Sous la Rome antique, la capitation était un impôt calculé à partir du nombre de personnes travaillant dans une exploitation agricole. Son abolition, du moins pour les citoyens romains, c'est-à-dire à l'exclusion des francs et des esclaves émancipés, aurait été prononcée par la reine Bathilde vers 660 nettement moins bornée que sa lointaine succésseuse.

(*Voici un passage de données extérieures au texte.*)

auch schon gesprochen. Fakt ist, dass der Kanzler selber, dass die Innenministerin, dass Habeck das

Si Jésus avait prétendu qu'il ne faut pas payer la capitation, nul doute que les pharisiens et leurs complices les hérodiens, secte mystérieuse liée peut être à la croyance que le Roi Hérode était le Messie, l'auraient dénoncé aux autorités,
et s'il avait prétendu qu'il faut la payer cette taxe, ils auraient dit au peuple : cet homme là est complice des Romains, ne le suivez pas.
Qu'auriez vous fait à sa place ?
Vous ou moi, je ne sais pas. Jésus a dit Rendez donc à César ce qui est à César, et à Dieu ce qui est à Dieu.

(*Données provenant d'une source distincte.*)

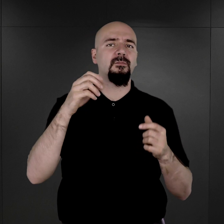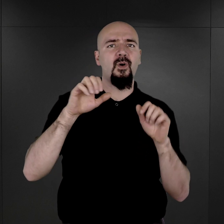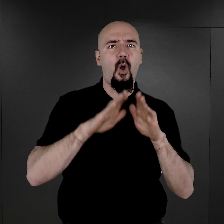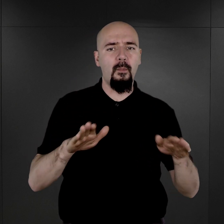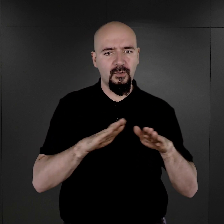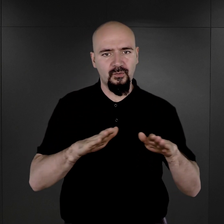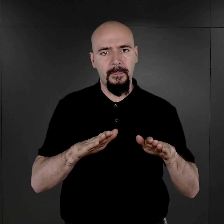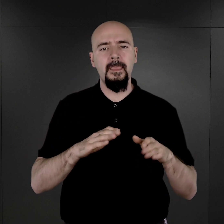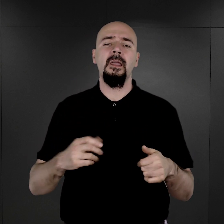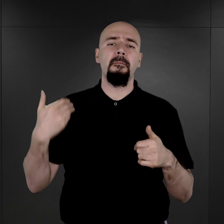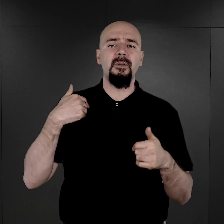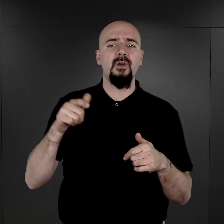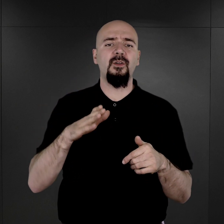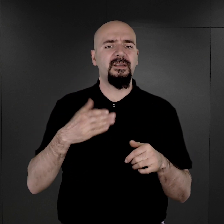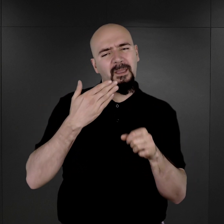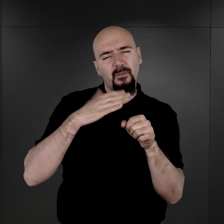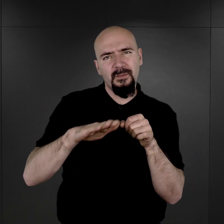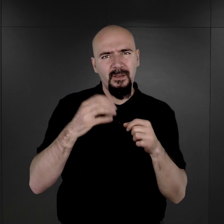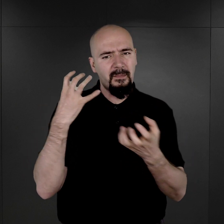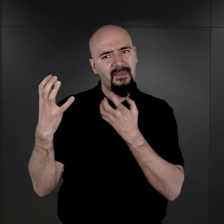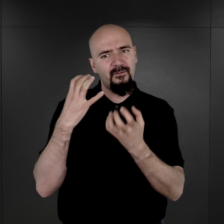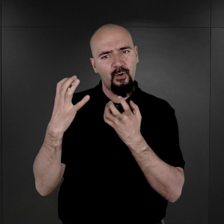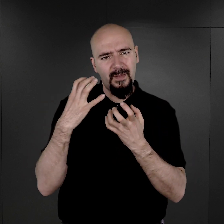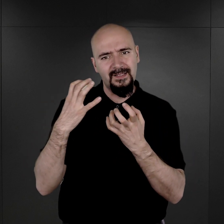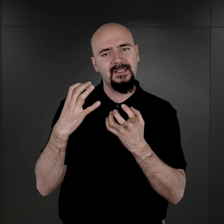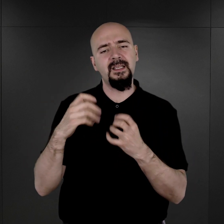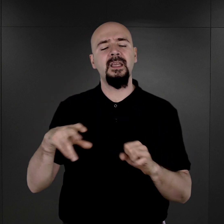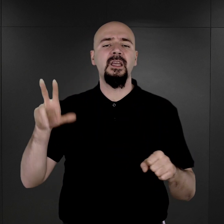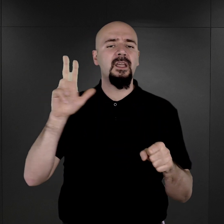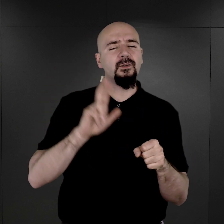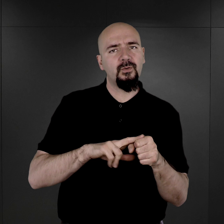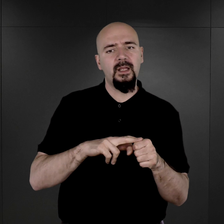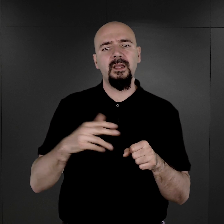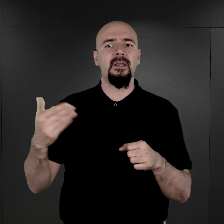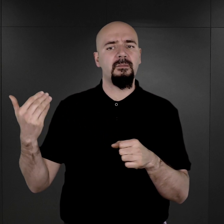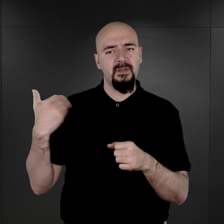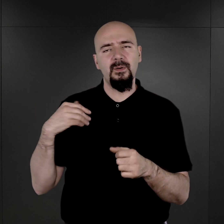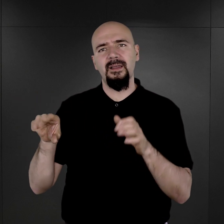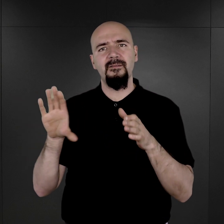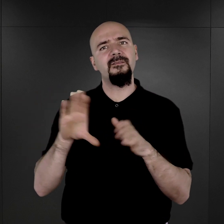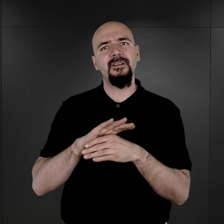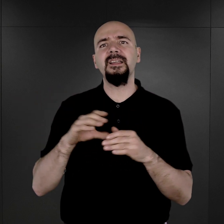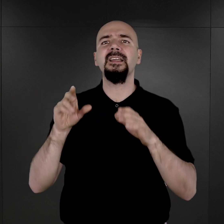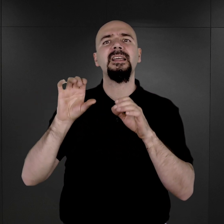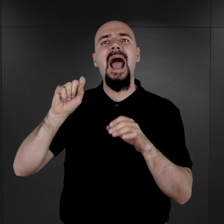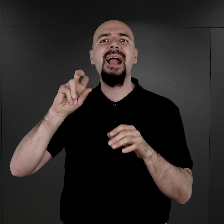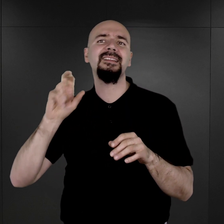Stanowiły one uzupełnienie informacji, które się znajdowały w aktach personalnych więźnia.

Devant ceux qui posent ce piège redoutable et probablement devant des gens du peuple, Jésus fait la réponse la plus intelligente possible.
Certes, dit-il, vous allez payer cet impôt, mais la monnaie que vous allez rendre à César est en fait une fausse monnaie, et j'en profite pour vous le dire, elle n'a aucune valeur, d'autant plus qu'elle est basée sur l'injustice, sur l'usurpation, sur le blasphème, ce avec quoi, tous les juifs étaient bien d'accord, elle n'a aucune valeur parce que son destinataire, est du vent, car à qui vous vous devriez vraiment rendre quelque chose, c'est à Dieu. Et là, il ne s'agit plus d'un impôt injuste et sous la contrainte, mais il s'agit de reconnaissance, de louange, des grâces que vous pourriez rendre à Dieu. Vous les pharisiens, les hérodiens, ce que probablement vous ne faites pas, puisque vous n'avez qu'un seul but, enfermer, réduire à néant, la parole libre de Dieu, enfermer ce Sauveur qu'un jour vous finirez par abattre, mais qui, comme un oiseau décidemment libre, sortira du dernier piège dans lequel vous l'aurez enfermé, ce tombeau, ce piège, restera vide, et ce jour là, vous cesserez peut être de tendre des pièges, et ce jour là, vous vous rendrez vous aussi, vous vous rendrez compte, vous rendrez grâce, vous exprimerez votre reconnaissance devant la Parole de Dieu que rien ne peut enfermer.
Que retenir ce de ce passage ?
Se méfier quand la Bible passe dans l'imaginaire courant, elle perd souvent au passage de sa subtilité.
Se rendre compte que Jésus trouve la troisième voie quand on tente de l'enfermer dans un piège binaire.
Constater le courage de celui dont les évangiles raconte l'histoire quand il ose dire que César n'est pas Dieu, en sous entendant fortement qu'en fait, ce pouvoir là n'a aucune valeur.
Et enfin = Méditer encore et encore sur ce que voudra dire pour nous : rendre à Dieu ce qui est à Dieu.
Et peut-être s'apercevoir qu'il ne s'agirait pas de passer à côté de l'essentiel en payant encore et encore des taxes , certes pas sous forme d'argent, mais sous forme de temps, de consécration, d'addictions ou d'habitudes, de suivisme, à des César qui n'en valent pas le prix à payer.